Their duty is then to assign the job to the right person and confirm the parts on the estimate are actually physically in the shop and are indeed what the job needs. If a ticket arrives from sales, for example, the front shop guy will go outside and review the ticket and the unit once it arrives. He’ll either say “Yep, looks good” or “I don’t agree.”

By getting all of that out of the way—by building the ticket—once the job is handed to the tech, they can get started, finish up, and invoice quickly.

BACK SHOP IN ACTION

The back shop represents the actual repair and getting a unit back to the customer. This is more familiar ground for all of us, so it’s by nature a shorter section. The tech assigned to the job takes charge. The parts are available, the estimate is correct. All the tech has to do is get to work.

“On the vast majority [of tickets], that’s the first time the tech has seen the equipment, and everything has been done for him to get it to that point,” Troy says.

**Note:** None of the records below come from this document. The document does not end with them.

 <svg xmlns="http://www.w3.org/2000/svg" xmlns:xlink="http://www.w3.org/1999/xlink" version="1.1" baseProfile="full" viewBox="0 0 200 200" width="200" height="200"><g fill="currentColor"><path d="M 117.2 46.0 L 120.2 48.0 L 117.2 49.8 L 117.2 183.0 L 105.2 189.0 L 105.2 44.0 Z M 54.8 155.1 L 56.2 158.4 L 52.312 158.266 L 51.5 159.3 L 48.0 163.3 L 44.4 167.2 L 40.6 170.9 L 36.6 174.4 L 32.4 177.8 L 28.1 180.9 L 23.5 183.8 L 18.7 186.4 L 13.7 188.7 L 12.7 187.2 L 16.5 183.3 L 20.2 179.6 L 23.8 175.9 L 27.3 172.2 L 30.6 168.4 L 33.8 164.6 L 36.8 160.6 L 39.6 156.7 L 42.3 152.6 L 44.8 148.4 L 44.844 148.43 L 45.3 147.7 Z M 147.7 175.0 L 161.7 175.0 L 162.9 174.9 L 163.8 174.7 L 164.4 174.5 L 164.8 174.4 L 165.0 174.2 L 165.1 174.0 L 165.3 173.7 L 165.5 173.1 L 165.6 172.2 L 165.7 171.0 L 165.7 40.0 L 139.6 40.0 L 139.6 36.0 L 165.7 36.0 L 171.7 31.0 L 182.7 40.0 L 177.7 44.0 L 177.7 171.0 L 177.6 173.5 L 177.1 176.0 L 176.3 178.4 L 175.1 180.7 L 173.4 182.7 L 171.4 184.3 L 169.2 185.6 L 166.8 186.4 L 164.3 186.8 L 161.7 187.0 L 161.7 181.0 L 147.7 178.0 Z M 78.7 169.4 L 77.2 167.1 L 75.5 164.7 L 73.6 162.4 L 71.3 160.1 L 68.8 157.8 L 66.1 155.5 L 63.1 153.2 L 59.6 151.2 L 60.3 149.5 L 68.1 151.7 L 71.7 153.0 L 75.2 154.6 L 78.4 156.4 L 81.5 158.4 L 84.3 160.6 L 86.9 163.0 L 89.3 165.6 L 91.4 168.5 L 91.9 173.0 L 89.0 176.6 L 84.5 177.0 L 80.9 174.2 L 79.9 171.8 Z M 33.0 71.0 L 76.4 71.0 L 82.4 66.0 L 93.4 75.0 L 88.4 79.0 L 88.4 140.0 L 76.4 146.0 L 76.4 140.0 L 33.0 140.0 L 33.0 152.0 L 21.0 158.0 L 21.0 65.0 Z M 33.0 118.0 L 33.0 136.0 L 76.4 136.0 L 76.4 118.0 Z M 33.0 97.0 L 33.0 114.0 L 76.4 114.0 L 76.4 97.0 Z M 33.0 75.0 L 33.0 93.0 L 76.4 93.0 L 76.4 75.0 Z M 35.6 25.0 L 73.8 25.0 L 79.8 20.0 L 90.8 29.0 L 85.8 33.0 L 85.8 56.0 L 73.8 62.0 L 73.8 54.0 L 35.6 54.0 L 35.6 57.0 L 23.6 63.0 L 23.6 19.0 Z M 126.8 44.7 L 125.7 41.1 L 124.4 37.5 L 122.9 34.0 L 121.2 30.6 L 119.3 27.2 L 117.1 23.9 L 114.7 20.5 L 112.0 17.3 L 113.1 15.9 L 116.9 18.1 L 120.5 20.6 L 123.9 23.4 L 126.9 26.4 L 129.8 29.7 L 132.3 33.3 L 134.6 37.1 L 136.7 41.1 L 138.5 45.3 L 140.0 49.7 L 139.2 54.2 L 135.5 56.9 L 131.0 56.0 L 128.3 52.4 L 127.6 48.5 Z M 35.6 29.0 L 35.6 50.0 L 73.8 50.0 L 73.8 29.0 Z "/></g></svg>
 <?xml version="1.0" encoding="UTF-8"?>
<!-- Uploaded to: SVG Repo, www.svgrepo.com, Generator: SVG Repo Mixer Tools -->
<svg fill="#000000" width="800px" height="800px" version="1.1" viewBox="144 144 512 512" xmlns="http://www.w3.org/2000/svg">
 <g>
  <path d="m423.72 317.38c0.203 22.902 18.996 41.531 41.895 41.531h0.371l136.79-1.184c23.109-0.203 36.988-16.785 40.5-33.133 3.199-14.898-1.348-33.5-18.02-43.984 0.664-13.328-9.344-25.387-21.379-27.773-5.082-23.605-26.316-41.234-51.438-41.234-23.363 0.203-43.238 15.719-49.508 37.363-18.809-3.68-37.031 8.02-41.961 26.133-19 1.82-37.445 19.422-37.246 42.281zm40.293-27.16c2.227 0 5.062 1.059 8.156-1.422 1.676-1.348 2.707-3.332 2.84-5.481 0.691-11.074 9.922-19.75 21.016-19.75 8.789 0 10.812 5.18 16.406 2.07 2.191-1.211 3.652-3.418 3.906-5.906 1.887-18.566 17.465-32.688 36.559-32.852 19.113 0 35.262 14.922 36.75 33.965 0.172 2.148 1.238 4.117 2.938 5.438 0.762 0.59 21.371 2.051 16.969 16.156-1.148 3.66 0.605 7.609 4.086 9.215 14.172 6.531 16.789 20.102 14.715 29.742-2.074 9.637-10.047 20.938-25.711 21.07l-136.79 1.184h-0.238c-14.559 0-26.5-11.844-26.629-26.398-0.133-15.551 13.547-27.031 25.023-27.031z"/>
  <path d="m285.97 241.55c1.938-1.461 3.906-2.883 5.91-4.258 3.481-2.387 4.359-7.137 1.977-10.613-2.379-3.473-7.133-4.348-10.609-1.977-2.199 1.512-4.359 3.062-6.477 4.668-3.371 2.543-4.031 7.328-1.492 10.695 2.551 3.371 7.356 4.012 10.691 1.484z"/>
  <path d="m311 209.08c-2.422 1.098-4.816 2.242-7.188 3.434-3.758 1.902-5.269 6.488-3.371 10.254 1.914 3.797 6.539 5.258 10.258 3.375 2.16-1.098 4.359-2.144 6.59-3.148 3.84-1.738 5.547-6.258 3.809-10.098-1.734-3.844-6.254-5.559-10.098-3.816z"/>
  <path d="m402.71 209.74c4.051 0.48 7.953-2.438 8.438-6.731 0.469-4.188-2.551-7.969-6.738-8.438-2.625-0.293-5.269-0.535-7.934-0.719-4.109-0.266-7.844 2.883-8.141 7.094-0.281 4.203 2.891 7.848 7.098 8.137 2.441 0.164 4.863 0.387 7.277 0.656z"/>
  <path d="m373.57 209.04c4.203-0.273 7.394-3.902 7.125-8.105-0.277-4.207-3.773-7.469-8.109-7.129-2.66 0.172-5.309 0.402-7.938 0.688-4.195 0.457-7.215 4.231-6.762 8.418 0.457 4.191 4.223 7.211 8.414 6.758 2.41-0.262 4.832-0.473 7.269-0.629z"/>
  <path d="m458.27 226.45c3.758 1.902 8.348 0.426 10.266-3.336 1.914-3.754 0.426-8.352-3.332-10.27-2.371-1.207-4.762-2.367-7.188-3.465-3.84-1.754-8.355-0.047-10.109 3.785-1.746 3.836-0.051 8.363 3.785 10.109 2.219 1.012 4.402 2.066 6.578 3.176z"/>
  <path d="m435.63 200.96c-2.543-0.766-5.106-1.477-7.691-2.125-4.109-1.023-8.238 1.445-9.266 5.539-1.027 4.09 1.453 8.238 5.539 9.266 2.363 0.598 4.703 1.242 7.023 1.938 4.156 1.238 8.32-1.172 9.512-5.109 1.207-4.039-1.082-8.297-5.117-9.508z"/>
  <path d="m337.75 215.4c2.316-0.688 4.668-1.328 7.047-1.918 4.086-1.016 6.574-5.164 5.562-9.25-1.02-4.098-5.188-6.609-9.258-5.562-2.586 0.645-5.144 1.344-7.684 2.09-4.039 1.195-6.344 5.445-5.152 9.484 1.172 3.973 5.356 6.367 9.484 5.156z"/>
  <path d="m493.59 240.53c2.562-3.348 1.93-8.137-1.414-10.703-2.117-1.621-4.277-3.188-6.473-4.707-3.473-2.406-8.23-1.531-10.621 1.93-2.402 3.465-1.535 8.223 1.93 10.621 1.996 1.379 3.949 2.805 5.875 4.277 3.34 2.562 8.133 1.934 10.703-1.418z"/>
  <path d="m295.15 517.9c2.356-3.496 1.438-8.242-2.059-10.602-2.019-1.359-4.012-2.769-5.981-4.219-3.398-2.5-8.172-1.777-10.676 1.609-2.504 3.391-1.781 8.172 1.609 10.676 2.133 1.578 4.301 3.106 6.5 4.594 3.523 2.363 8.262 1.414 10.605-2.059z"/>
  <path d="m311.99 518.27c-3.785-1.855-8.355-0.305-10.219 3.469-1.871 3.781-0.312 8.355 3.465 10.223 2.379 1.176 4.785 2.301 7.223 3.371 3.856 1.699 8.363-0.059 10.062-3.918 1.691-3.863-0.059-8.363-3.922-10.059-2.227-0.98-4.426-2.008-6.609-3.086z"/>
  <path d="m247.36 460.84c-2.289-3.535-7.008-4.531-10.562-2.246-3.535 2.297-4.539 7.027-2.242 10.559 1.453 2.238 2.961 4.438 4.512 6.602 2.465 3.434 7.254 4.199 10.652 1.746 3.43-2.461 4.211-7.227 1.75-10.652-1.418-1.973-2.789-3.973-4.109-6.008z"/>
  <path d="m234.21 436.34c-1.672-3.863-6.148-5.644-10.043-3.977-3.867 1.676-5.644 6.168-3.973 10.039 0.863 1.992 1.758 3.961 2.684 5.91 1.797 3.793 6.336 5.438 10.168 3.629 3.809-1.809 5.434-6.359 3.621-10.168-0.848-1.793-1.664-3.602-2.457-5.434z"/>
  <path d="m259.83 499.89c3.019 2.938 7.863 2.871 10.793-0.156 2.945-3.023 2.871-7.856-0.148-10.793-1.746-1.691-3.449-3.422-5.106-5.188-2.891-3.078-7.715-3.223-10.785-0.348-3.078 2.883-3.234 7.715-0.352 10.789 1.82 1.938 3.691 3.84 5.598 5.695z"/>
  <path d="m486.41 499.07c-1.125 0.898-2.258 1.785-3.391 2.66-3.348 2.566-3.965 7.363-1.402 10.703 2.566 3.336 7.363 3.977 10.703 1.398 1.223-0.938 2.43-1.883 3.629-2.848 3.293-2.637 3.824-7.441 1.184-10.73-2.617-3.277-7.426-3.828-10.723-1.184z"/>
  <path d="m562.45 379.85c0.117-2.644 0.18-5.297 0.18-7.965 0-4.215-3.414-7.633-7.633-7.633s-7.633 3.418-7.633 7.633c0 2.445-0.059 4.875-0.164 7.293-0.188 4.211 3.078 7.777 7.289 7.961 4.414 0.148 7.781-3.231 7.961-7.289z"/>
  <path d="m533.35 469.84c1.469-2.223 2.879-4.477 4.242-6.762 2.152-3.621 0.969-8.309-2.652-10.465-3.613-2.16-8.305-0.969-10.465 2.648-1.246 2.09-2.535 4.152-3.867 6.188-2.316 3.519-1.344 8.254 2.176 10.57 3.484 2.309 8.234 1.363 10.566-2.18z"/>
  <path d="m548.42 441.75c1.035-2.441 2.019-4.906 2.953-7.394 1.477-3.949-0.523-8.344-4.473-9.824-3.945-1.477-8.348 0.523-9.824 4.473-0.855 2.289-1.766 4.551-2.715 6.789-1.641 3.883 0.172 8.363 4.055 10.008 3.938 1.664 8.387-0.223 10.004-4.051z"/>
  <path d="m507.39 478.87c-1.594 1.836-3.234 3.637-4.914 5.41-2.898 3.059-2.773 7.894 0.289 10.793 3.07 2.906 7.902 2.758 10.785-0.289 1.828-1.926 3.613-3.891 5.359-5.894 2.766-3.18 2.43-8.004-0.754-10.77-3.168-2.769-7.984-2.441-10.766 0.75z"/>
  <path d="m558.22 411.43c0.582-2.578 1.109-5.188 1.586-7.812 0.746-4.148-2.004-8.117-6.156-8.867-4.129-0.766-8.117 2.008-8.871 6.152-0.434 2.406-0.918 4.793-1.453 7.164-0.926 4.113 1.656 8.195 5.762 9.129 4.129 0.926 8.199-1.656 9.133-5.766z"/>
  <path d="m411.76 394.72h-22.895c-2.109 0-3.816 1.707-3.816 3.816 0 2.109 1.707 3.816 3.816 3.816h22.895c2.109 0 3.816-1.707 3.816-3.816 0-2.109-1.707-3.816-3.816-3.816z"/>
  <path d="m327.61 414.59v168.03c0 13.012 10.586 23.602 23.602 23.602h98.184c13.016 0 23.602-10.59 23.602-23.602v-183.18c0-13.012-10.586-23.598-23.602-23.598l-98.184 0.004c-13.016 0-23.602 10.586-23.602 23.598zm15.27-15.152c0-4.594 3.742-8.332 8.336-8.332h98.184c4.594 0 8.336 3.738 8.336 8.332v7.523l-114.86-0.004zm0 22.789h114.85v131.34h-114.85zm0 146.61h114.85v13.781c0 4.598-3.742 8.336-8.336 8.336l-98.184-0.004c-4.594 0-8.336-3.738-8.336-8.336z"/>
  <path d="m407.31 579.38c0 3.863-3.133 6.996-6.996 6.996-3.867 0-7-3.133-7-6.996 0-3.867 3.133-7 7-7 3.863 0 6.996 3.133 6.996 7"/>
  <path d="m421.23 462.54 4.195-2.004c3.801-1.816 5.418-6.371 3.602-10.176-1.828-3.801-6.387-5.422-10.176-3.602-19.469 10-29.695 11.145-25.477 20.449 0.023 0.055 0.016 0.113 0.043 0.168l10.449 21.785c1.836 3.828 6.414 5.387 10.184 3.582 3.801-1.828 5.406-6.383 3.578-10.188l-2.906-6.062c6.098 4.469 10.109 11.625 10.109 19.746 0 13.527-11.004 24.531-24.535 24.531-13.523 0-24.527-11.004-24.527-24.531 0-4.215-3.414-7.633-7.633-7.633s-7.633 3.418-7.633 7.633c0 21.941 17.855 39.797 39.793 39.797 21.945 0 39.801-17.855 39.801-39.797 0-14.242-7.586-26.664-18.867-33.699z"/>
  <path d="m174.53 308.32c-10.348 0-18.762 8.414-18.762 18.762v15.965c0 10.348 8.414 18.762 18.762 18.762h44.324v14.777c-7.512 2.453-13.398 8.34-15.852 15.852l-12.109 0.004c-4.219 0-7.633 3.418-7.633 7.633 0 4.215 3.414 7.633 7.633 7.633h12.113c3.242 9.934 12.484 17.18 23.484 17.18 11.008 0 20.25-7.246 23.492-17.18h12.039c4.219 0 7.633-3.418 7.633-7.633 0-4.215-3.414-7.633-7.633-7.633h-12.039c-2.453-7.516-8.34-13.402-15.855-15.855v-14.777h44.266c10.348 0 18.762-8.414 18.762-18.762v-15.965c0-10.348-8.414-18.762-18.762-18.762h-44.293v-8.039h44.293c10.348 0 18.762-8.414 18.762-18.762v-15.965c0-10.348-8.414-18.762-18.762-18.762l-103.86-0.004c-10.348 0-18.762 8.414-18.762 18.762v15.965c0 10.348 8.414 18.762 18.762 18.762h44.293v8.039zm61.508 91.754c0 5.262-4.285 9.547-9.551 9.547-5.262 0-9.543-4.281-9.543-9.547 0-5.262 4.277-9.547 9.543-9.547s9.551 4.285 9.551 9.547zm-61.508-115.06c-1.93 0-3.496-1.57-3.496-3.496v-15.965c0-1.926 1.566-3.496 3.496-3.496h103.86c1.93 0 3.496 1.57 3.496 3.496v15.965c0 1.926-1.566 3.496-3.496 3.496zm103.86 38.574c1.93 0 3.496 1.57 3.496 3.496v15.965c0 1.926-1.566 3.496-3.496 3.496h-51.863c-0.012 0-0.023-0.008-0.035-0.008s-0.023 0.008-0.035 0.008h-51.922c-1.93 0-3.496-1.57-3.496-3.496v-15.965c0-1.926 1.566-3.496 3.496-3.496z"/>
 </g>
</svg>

The front shop/back shop division of labor is also useful for promoting technicians who may not want to make the jump into the service manager role. “The back shop supervisor doesn’t have to be good at the front shop side,” Troy says. “If we’re looking at moving a technician into that position … his skill set isn’t necessarily looking at a $50K repair and writing that bid and doing that type of work. His job will be deciding which technician is best suited for that repair and recognizing that the parts that were purchased are there, and making sure we don’t bring [the unit] in until we can finish up in one fell swoop.”

A VISUAL REPRESENTATION OF FULLBAY

As mentioned, these processes all exist within Fullbay, but Troy and TDI found that combining an old-school visual representation of the workflow with Fullbay’s powerful process helped to not only keep everyone on track, but also helped the company stay on the same page as a team.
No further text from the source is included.